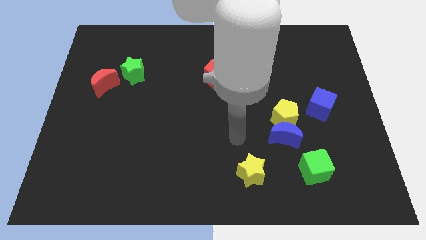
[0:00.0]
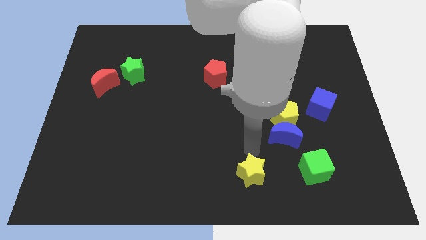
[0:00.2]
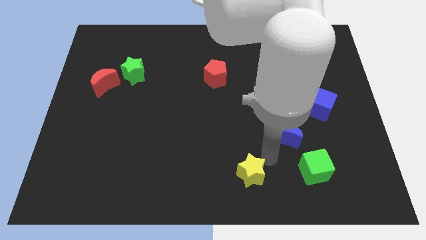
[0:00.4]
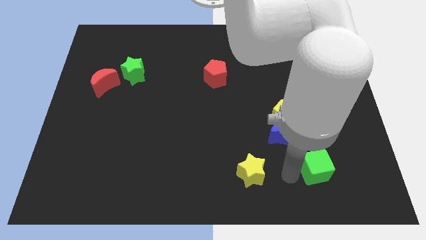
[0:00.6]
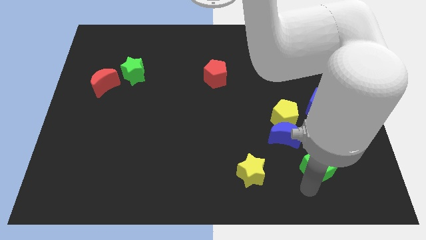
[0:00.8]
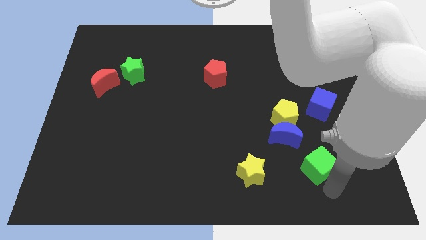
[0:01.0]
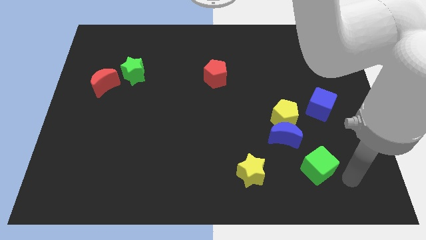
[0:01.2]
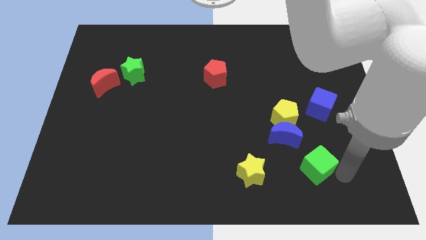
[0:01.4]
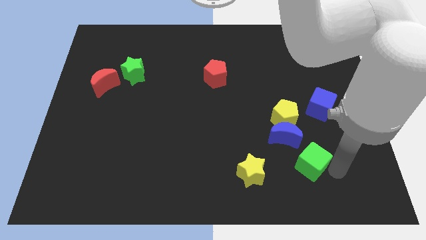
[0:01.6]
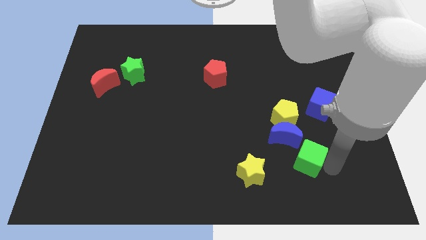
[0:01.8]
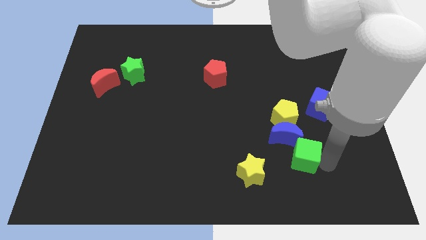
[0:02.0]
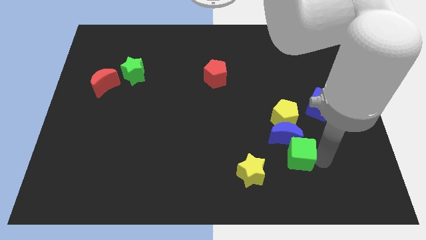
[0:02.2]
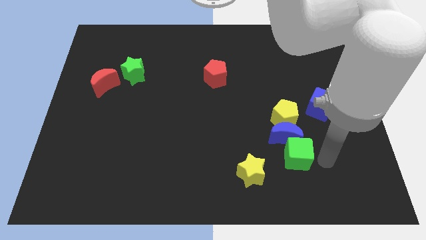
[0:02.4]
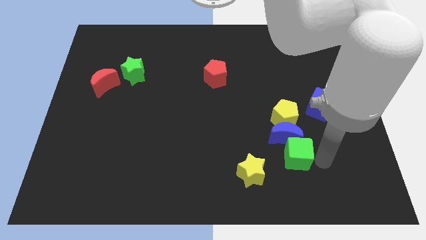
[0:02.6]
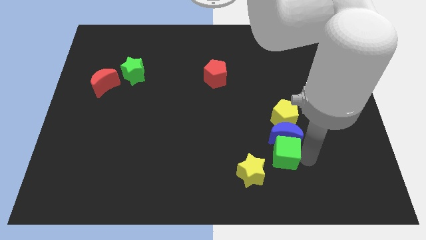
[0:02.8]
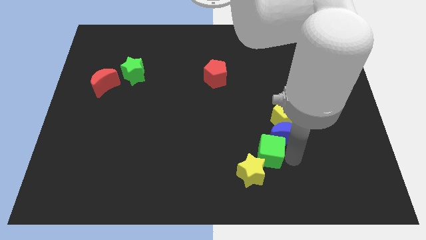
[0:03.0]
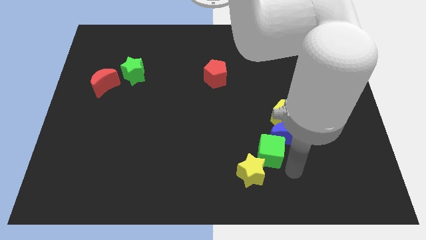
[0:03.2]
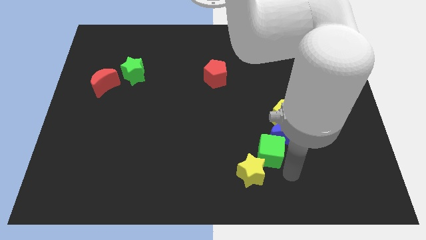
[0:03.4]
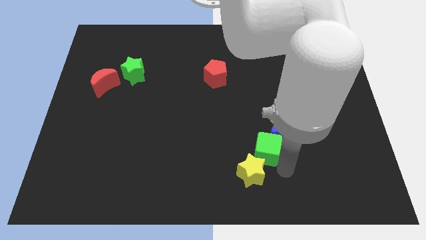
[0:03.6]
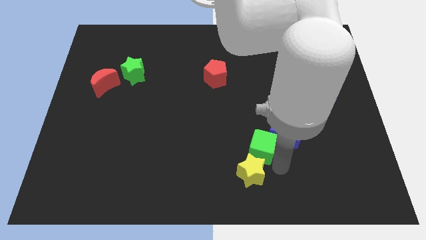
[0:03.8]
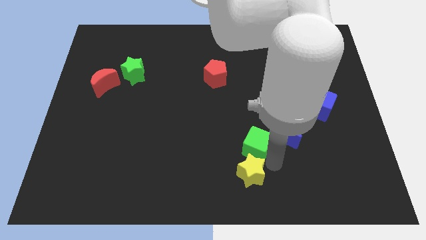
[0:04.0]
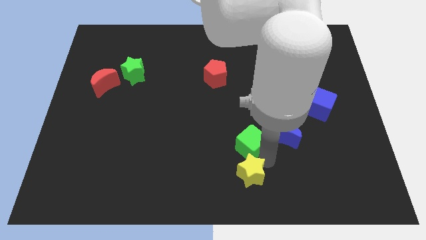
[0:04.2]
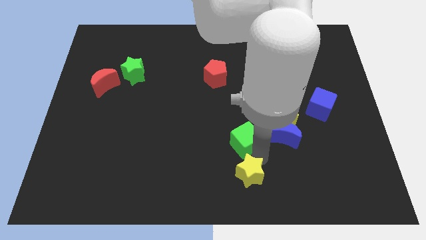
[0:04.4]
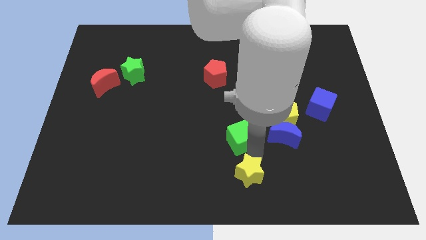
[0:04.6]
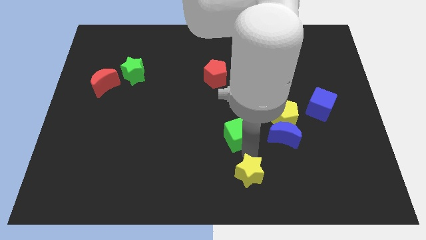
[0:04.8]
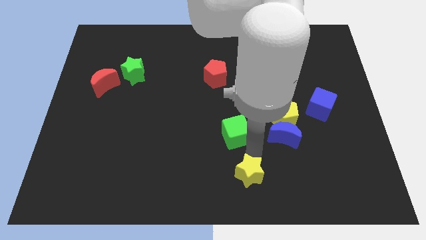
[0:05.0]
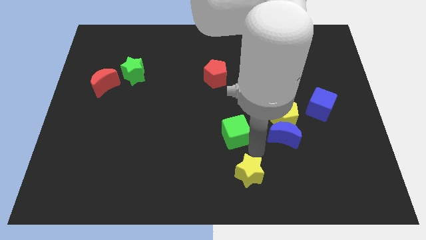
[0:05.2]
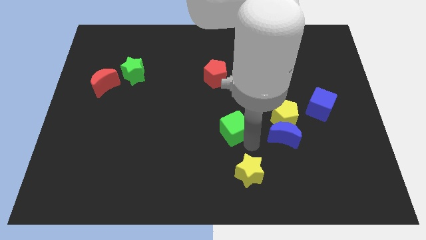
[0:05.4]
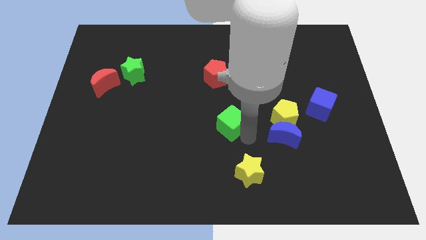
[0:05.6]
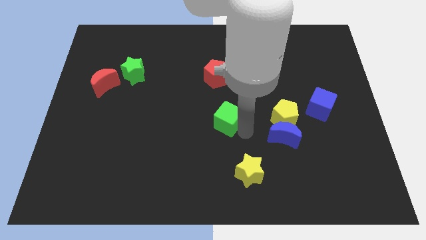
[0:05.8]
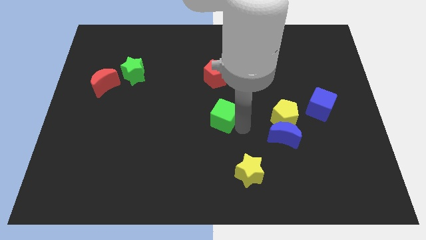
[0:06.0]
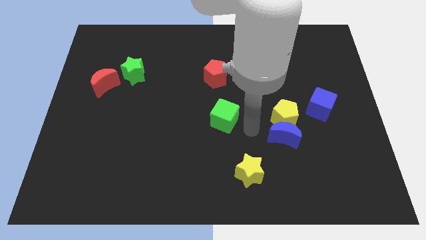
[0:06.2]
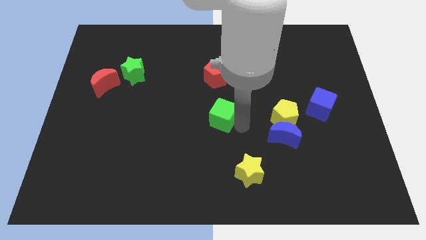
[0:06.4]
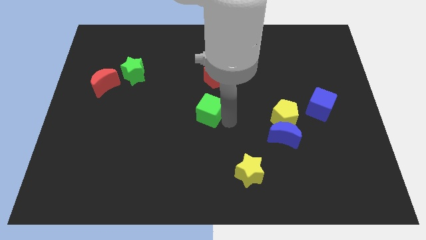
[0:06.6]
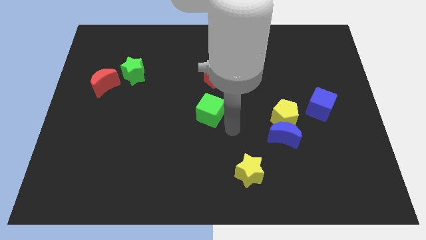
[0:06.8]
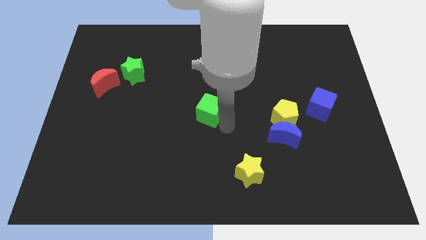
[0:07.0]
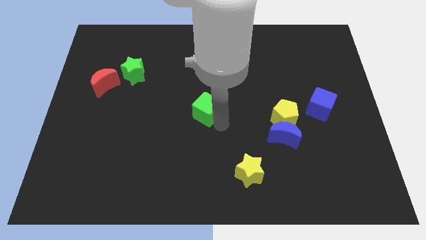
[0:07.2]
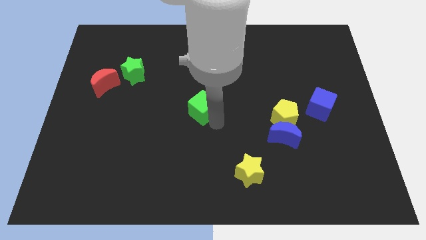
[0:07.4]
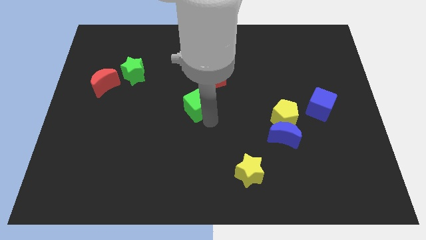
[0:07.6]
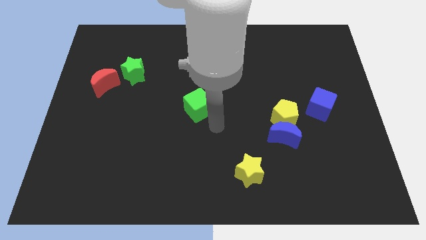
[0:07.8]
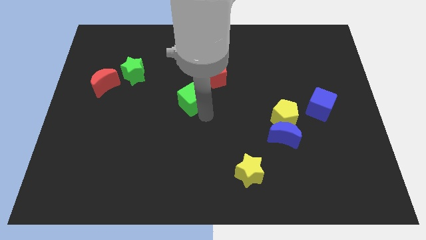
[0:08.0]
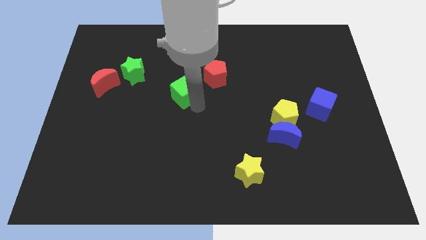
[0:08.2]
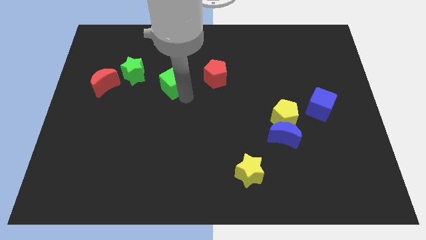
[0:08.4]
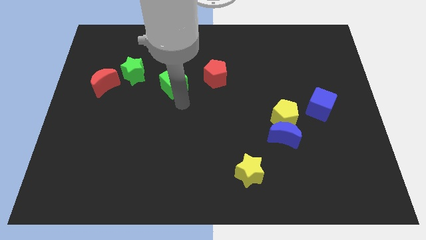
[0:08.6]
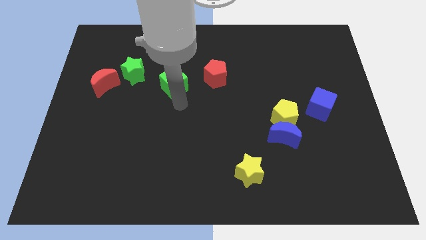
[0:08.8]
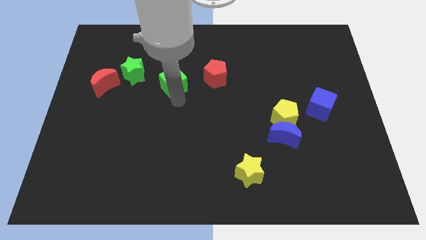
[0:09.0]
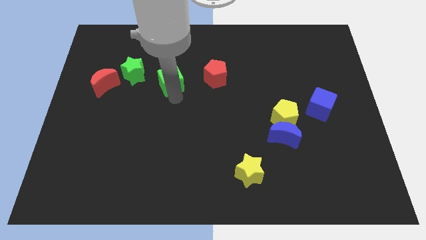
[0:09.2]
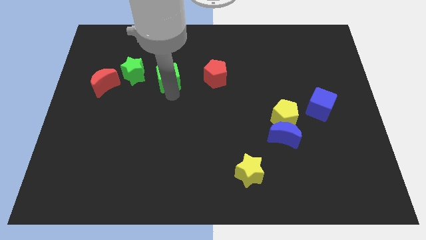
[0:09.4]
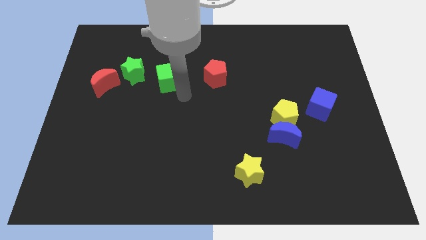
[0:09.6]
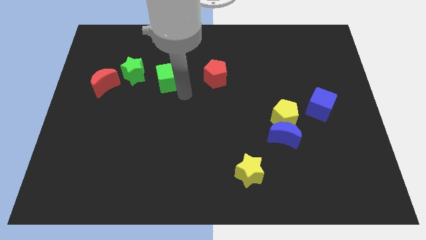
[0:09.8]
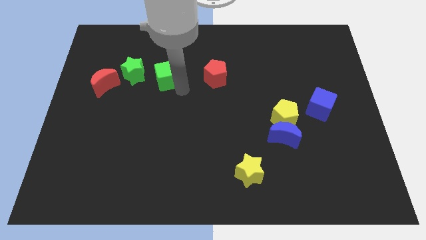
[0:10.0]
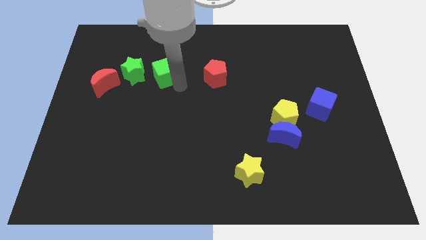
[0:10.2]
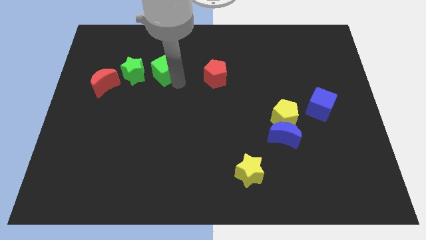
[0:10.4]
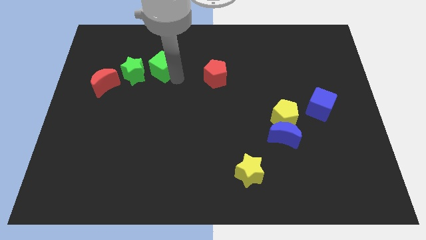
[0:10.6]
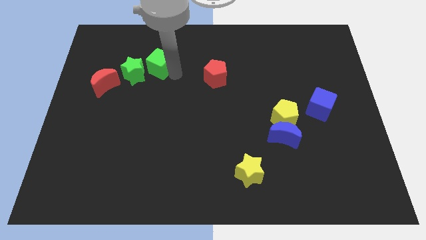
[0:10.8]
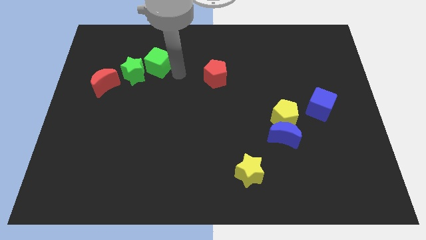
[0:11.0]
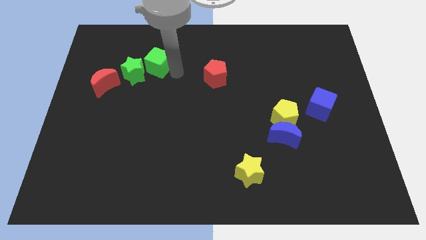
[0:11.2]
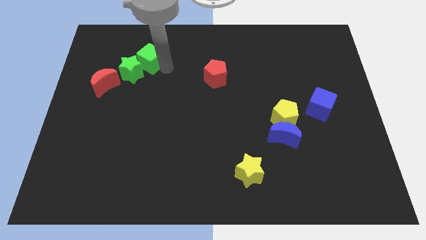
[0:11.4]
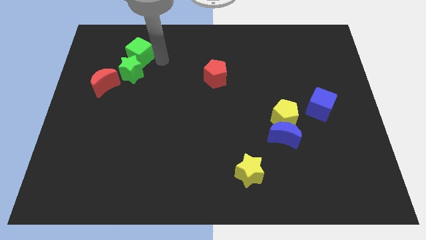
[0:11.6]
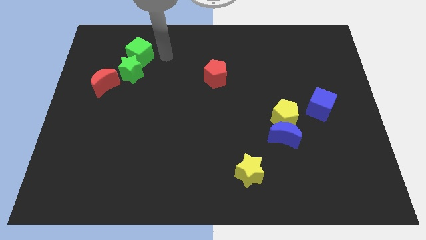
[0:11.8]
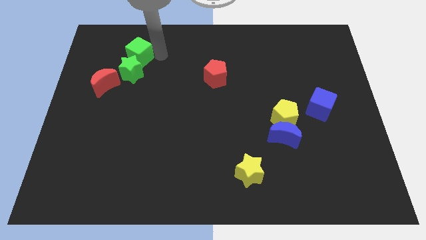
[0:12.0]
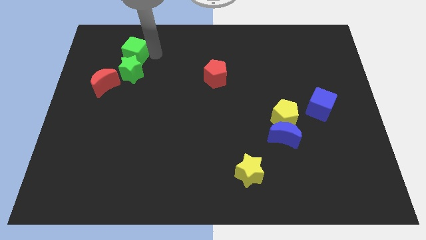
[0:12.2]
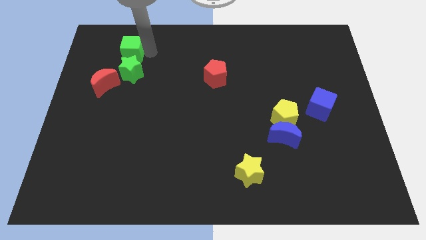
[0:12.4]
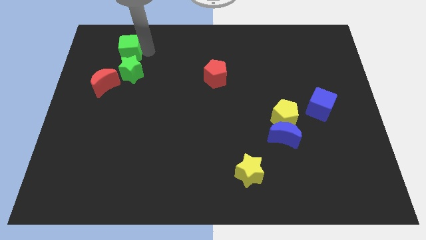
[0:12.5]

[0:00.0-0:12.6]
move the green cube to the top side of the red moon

[About this task] Set down the complete material exactly, but do not include the images.

[Problem solution]
[0:00.0]
[0:00.2]
[0:00.4]
[0:00.6]
[0:00.8]
[0:01.0]
[0:01.2]
[0:01.4]
[0:01.6]
[0:01.8]
[0:02.0]
[0:02.2]
[0:02.4]
[0:02.6]
[0:02.8]
[0:03.0]
[0:03.2]
[0:03.4]
[0:03.6]
[0:03.8]
[0:04.0]
[0:04.2]
[0:04.4]
[0:04.6]
[0:04.8]
[0:05.0]
[0:05.2]
[0:05.4]
[0:05.6]
[0:05.8]
[0:06.0]
[0:06.2]
[0:06.4]
[0:06.6]
[0:06.8]
[0:07.0]
[0:07.2]
[0:07.4]
[0:07.6]
[0:07.8]
[0:08.0]
[0:08.2]
[0:08.4]
[0:08.6]
[0:08.8]
[0:09.0]
[0:09.2]
[0:09.4]
[0:09.6]
[0:09.8]
[0:10.0]
[0:10.2]
[0:10.4]
[0:10.6]
[0:10.8]
[0:11.0]
[0:11.2]
[0:11.4]
[0:11.6]
[0:11.8]
[0:12.0]
[0:12.2]
[0:12.4]
[0:12.5]

[0:00.0-0:12.6]
move the green cube to the top side of the red moon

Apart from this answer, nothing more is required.